What is required: With pictures omitted, copy exactly every line from the one that contains "(00:00:04.1)" to the end of the listing below.

Source information:
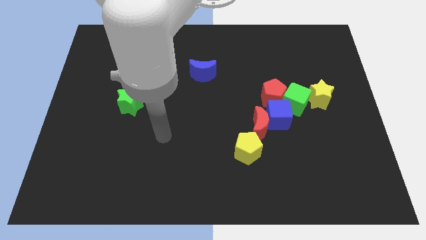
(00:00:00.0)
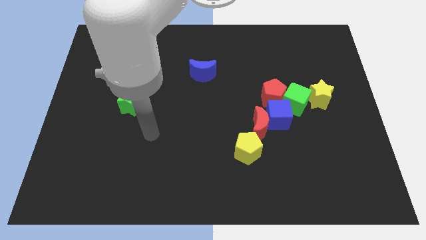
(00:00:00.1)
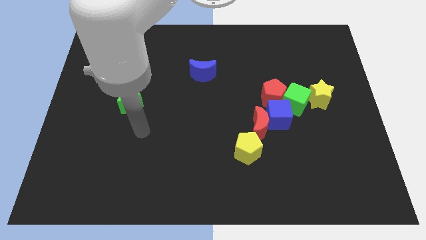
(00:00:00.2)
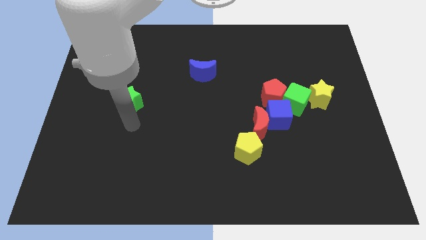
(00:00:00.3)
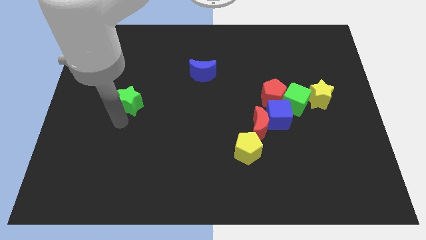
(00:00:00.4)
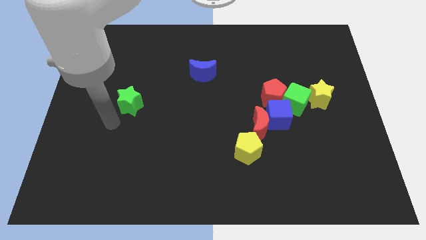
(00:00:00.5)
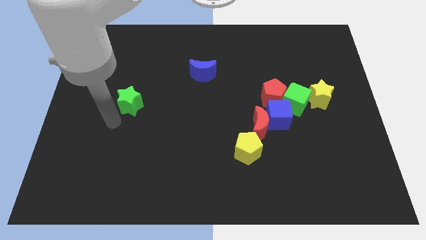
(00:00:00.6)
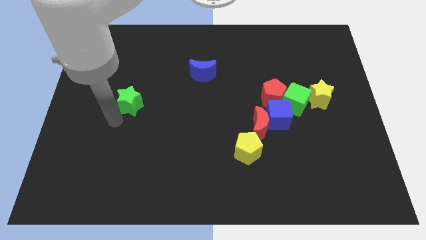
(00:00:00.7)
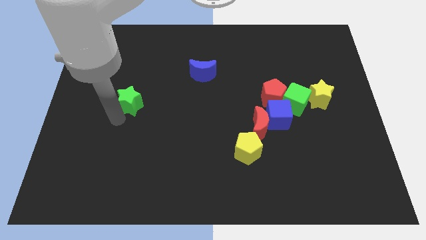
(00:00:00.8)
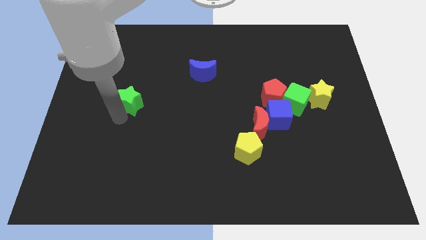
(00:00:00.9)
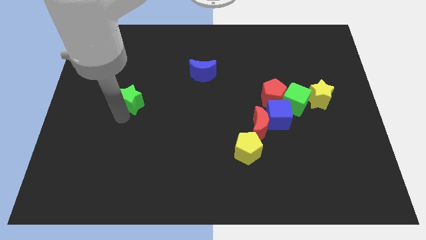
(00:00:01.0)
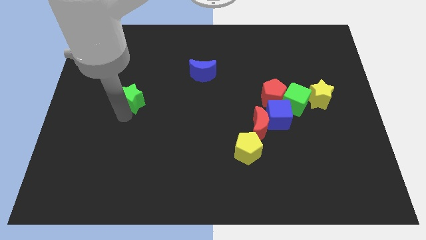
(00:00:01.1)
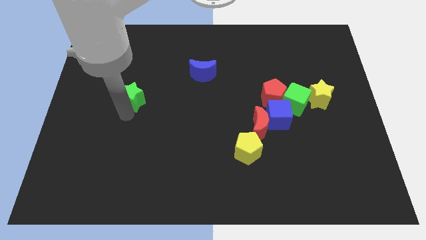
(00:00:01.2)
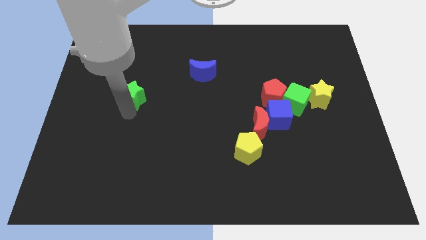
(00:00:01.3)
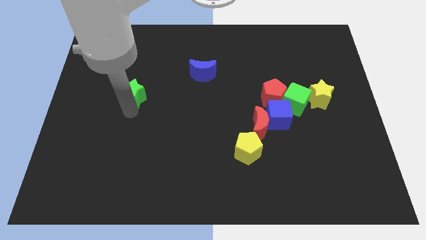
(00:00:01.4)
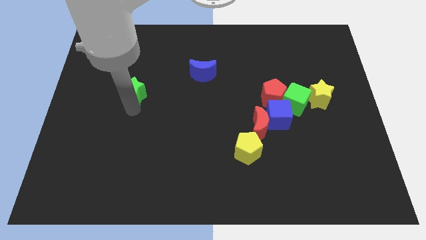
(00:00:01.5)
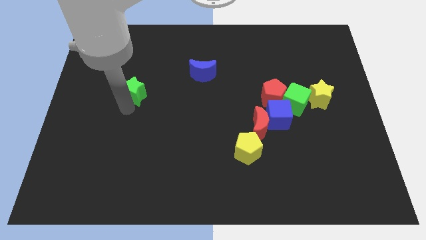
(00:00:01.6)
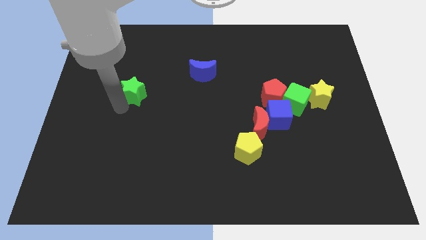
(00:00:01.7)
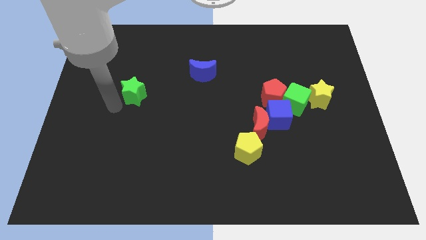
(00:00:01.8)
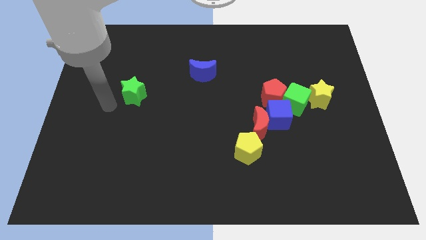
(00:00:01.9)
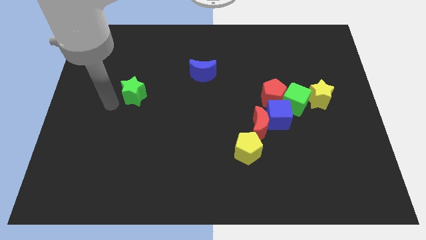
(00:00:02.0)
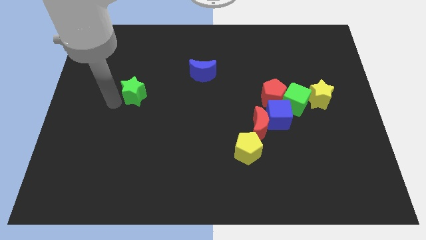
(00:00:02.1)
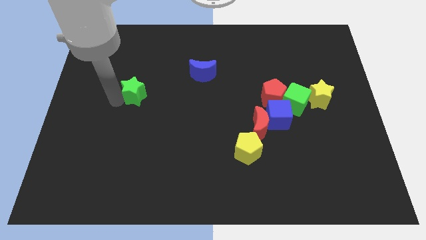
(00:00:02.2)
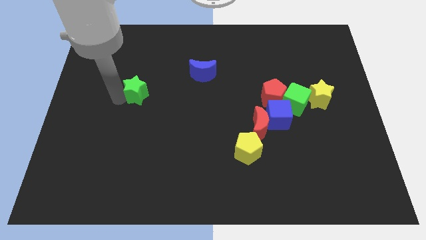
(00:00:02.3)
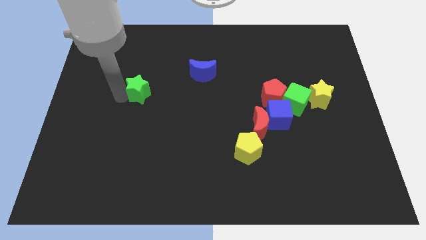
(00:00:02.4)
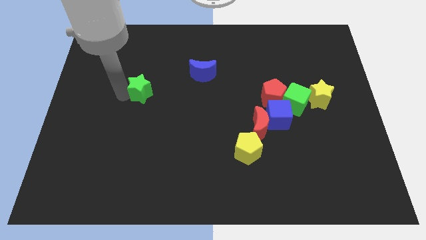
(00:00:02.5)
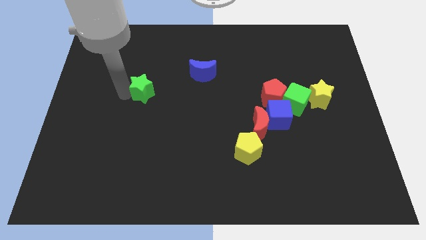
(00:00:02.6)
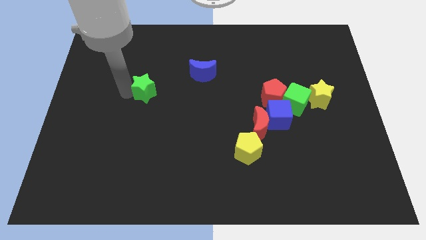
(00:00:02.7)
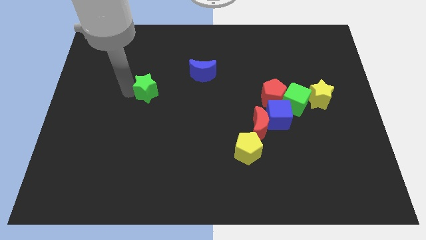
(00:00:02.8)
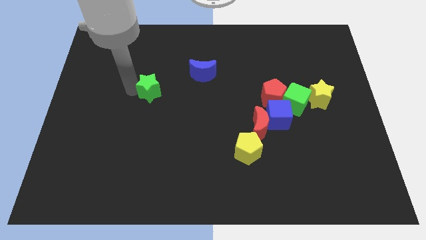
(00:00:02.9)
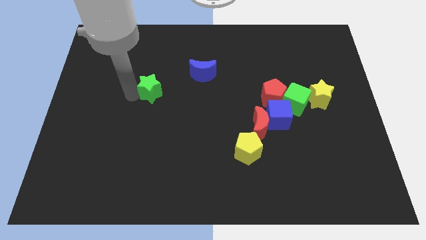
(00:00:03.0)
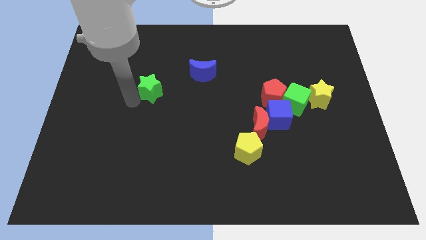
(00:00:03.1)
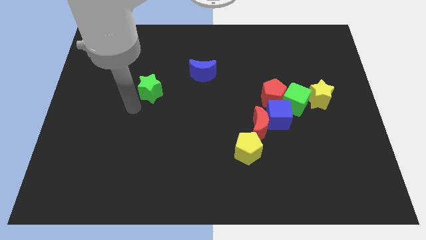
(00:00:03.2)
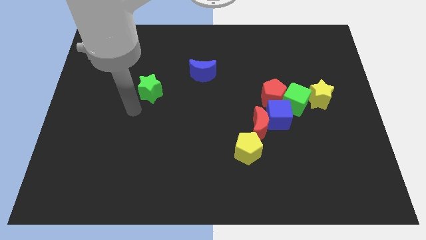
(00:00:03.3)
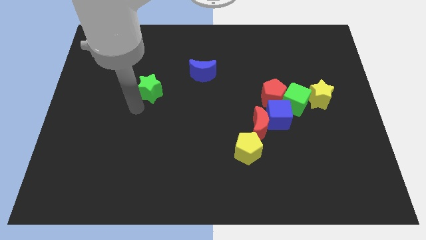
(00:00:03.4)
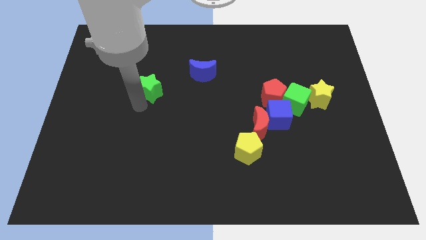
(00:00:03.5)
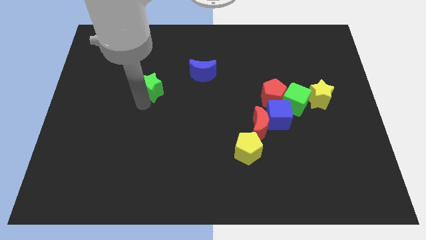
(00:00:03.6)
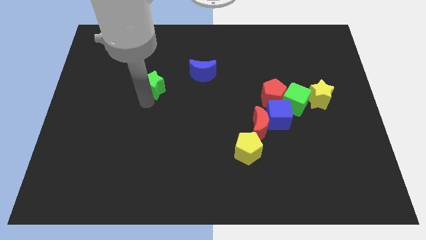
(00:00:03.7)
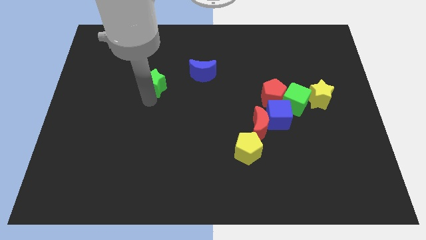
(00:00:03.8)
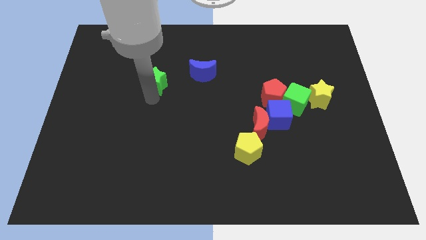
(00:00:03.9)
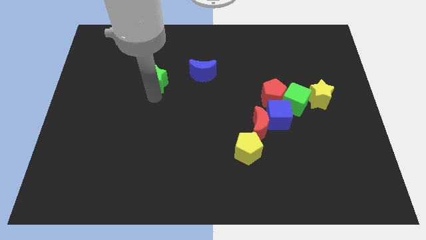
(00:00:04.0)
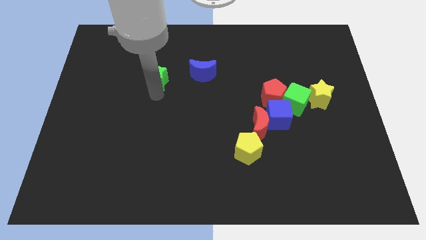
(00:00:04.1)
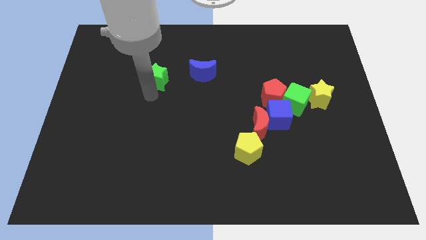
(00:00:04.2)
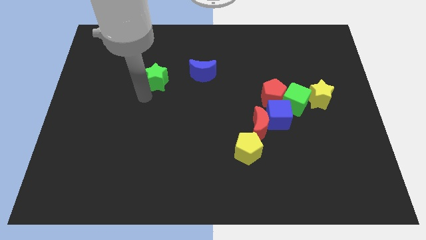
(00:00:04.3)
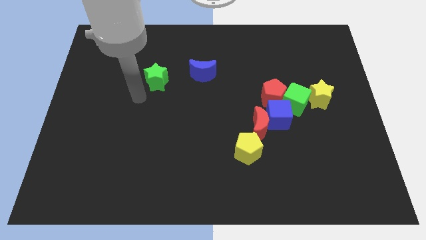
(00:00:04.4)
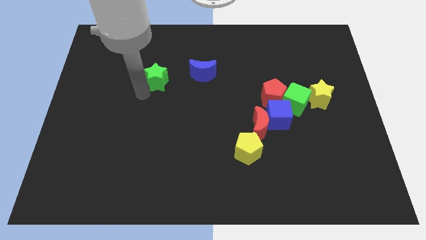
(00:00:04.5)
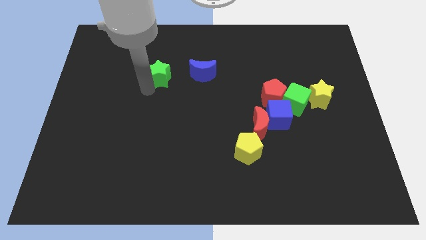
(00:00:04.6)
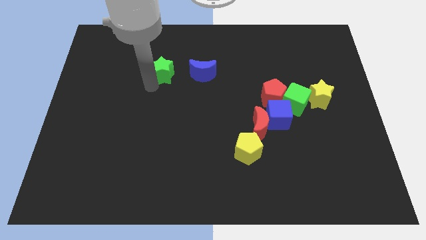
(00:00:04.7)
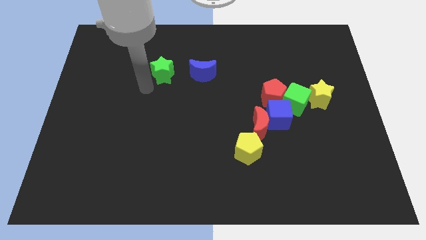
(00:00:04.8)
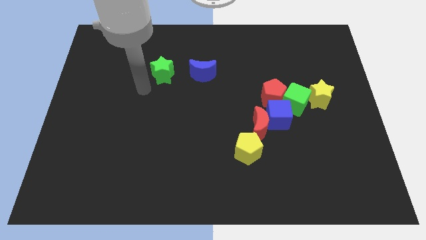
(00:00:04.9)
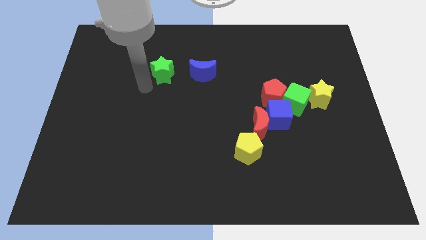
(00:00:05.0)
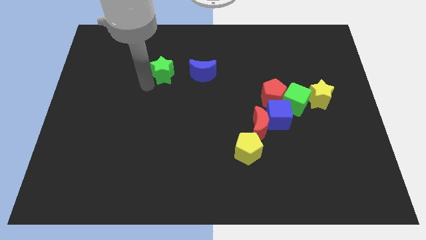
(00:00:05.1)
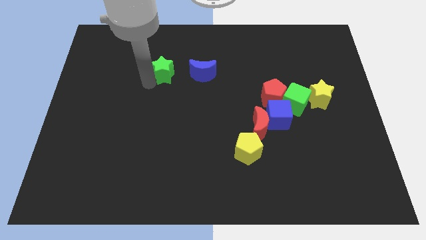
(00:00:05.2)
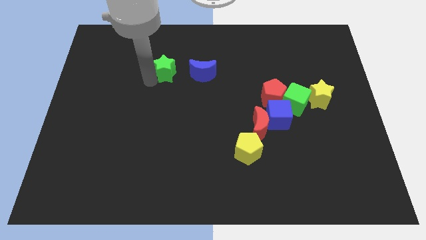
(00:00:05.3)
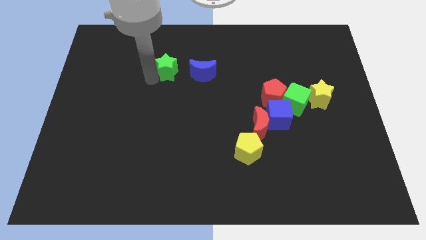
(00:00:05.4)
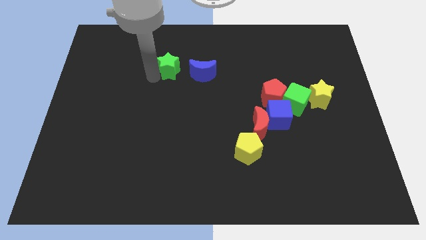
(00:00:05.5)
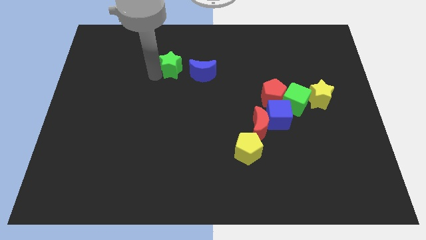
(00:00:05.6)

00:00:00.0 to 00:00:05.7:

Answer to the problem:
(00:00:04.1)
(00:00:04.2)
(00:00:04.3)
(00:00:04.4)
(00:00:04.5)
(00:00:04.6)
(00:00:04.7)
(00:00:04.8)
(00:00:04.9)
(00:00:05.0)
(00:00:05.1)
(00:00:05.2)
(00:00:05.3)
(00:00:05.4)
(00:00:05.5)
(00:00:05.6)

00:00:00.0 to 00:00:05.7:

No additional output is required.